::: Data records :::
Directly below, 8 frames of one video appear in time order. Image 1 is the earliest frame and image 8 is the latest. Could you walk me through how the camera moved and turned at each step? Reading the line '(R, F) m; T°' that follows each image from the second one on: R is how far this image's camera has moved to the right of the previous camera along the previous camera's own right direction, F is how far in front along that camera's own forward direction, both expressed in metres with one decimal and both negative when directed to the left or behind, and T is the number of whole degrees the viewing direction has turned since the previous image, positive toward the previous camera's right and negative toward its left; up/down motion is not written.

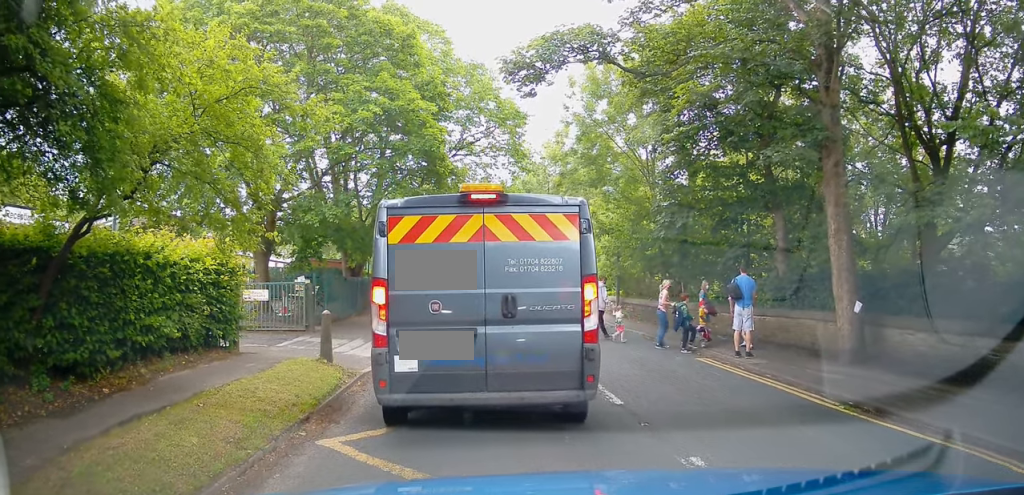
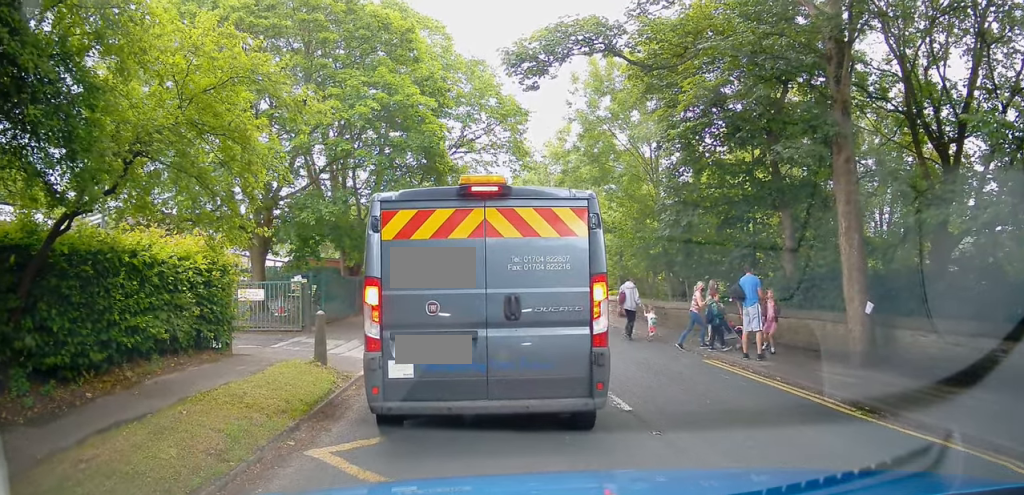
(0.0, 0.0) m; 0°
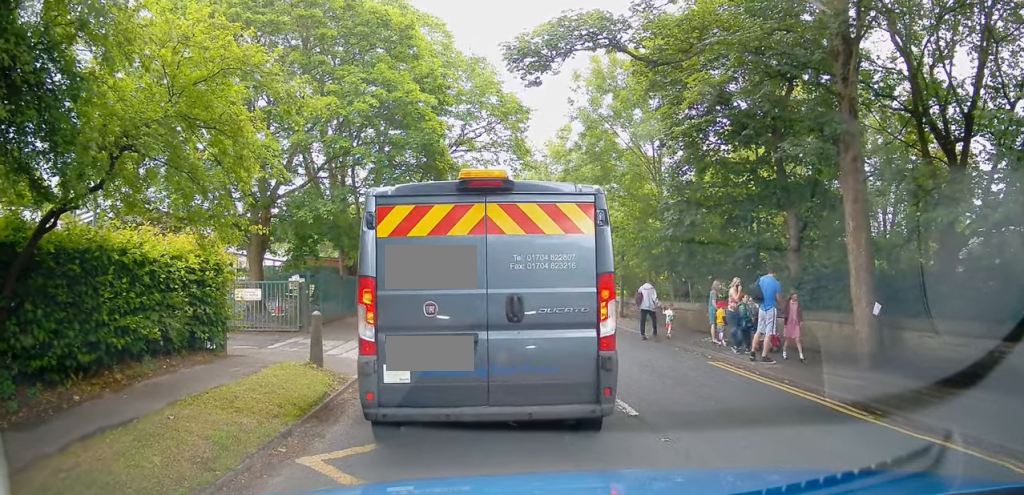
(0.0, 0.0) m; 0°
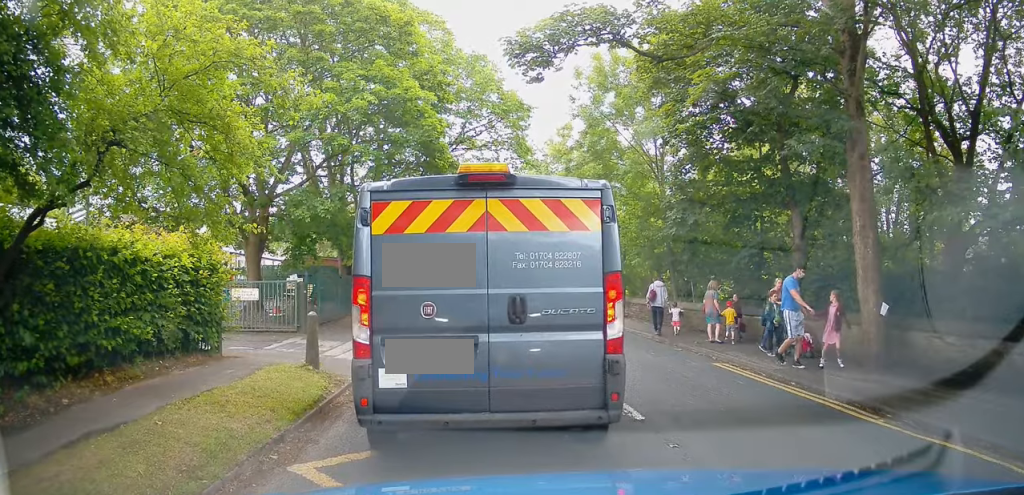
(0.0, 0.0) m; 0°
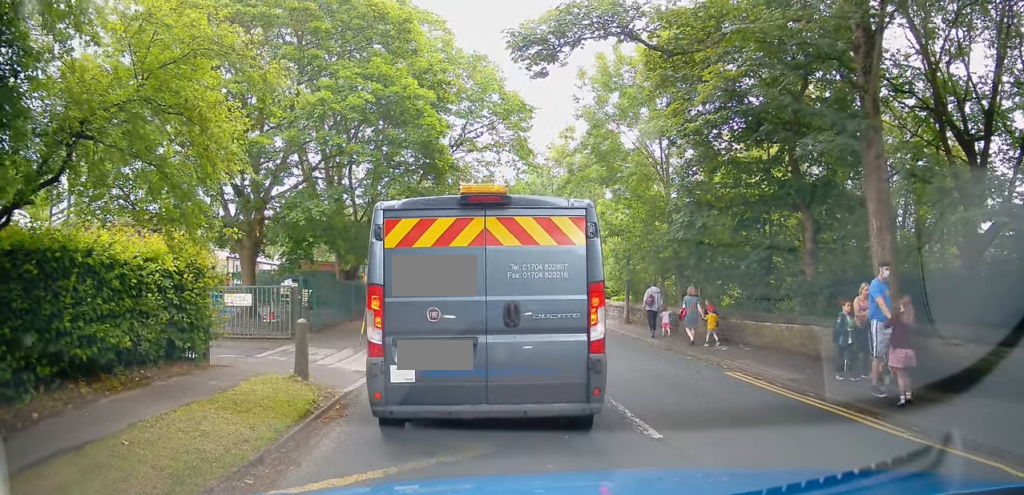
(-0.2, +0.3) m; +1°
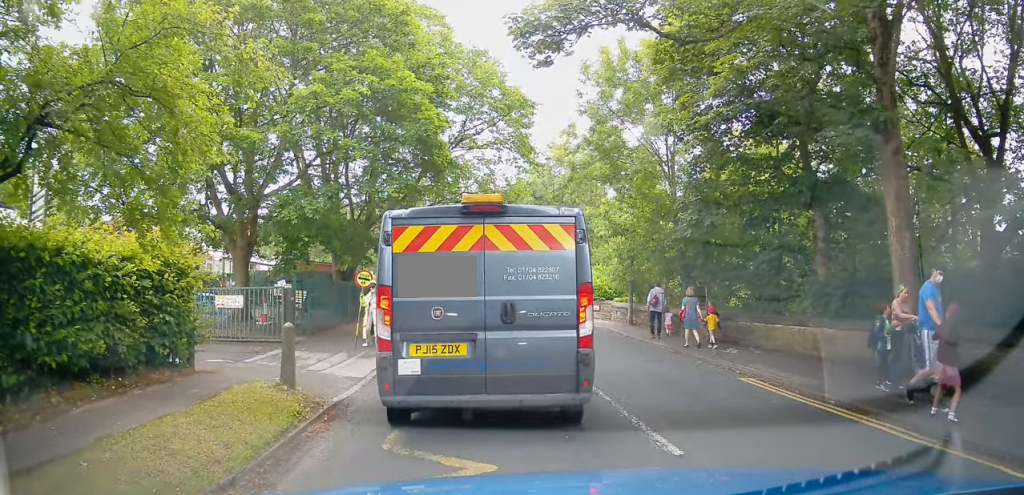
(-0.1, +0.4) m; +1°
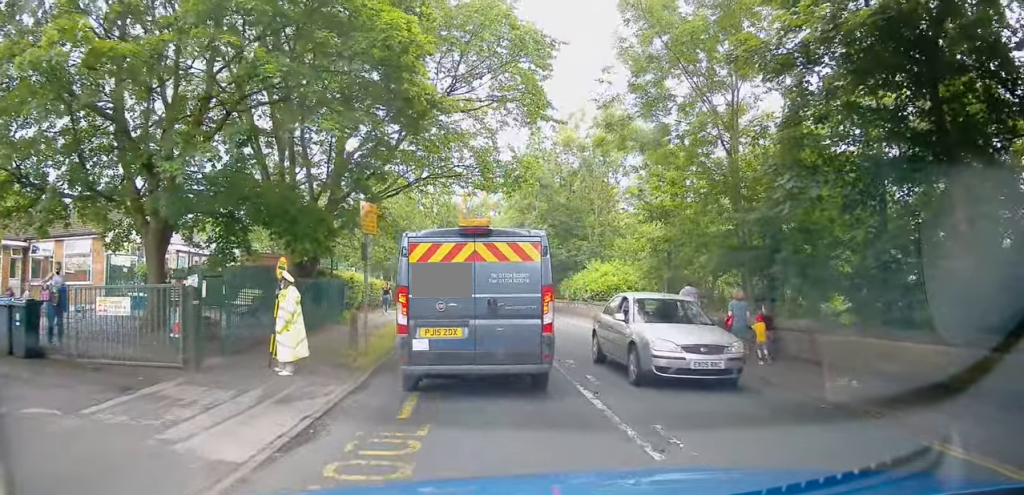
(-0.2, +4.9) m; -6°
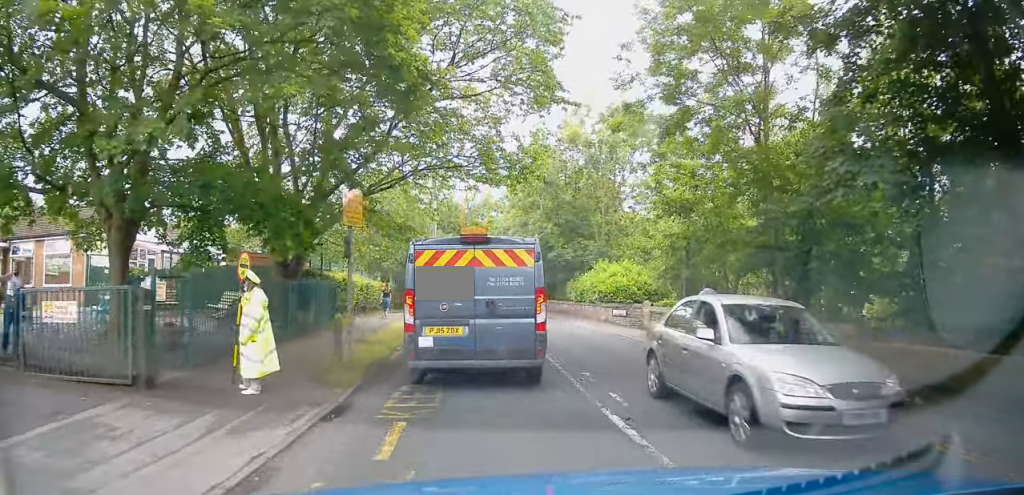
(-0.2, +1.5) m; -1°
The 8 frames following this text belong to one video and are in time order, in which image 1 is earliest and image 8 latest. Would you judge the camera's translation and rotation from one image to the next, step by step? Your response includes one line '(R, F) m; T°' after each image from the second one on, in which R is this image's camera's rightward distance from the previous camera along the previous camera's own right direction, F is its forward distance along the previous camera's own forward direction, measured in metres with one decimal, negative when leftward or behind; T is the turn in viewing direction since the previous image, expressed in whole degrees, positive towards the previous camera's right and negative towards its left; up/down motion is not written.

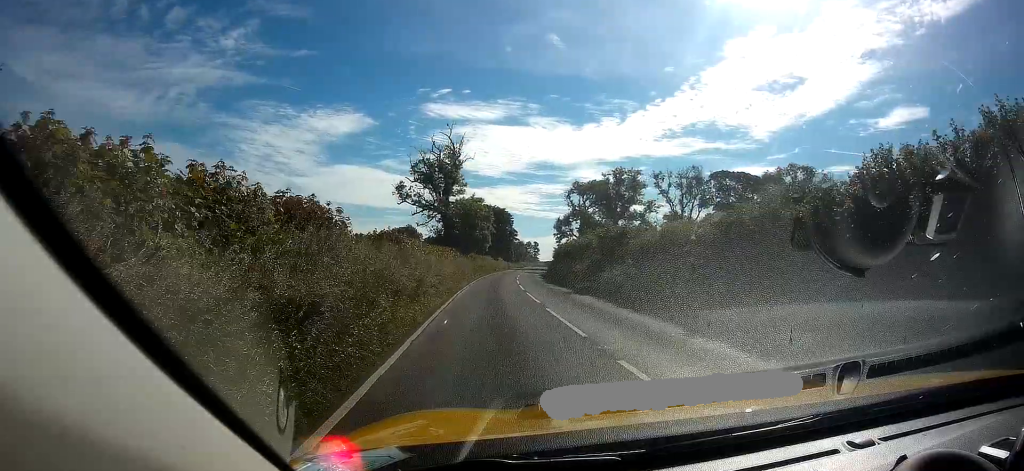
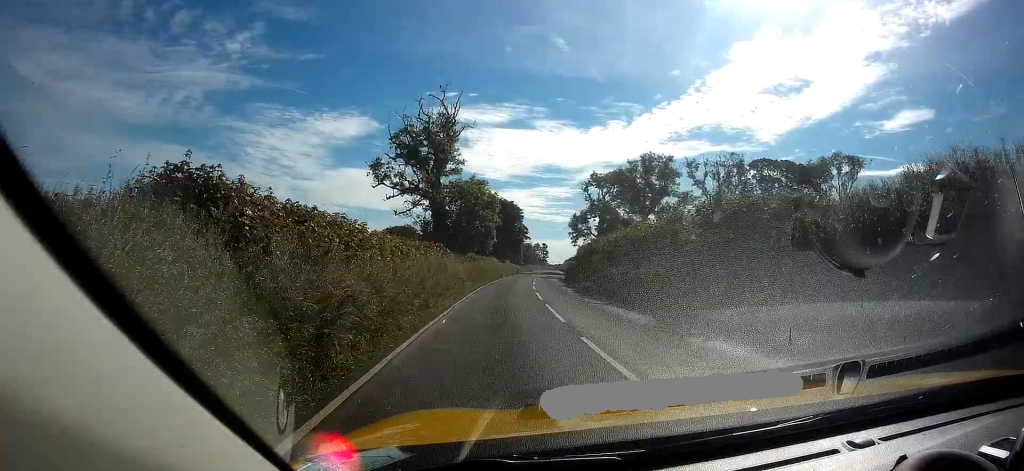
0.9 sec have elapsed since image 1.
(-0.2, +14.8) m; -1°
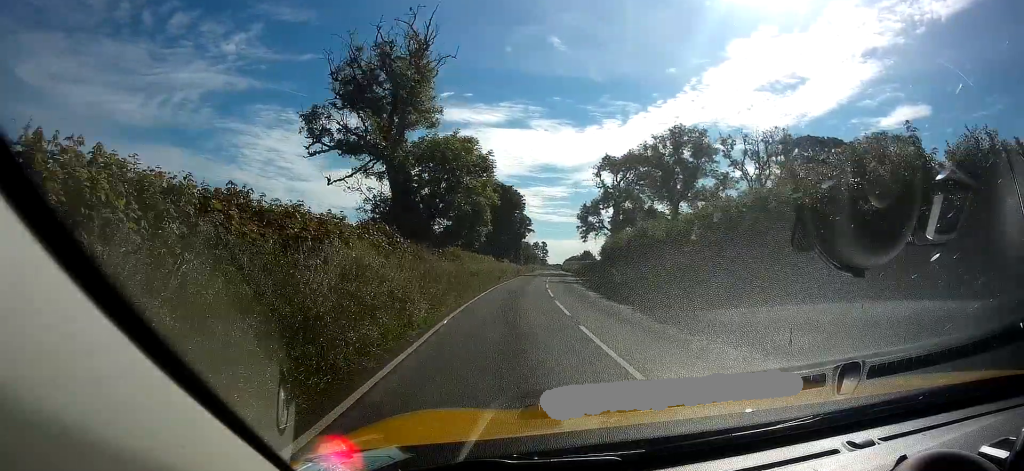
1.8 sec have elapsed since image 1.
:::
• **Task details**:
Only the lines from the one containing "0.9 sec have elapsed since image 1." through the final line of the data are to be written out, exactly as they stand and without pictures.

• **Answer for this exercise**:
0.9 sec have elapsed since image 1.
(-0.2, +14.8) m; -1°
1.8 sec have elapsed since image 1.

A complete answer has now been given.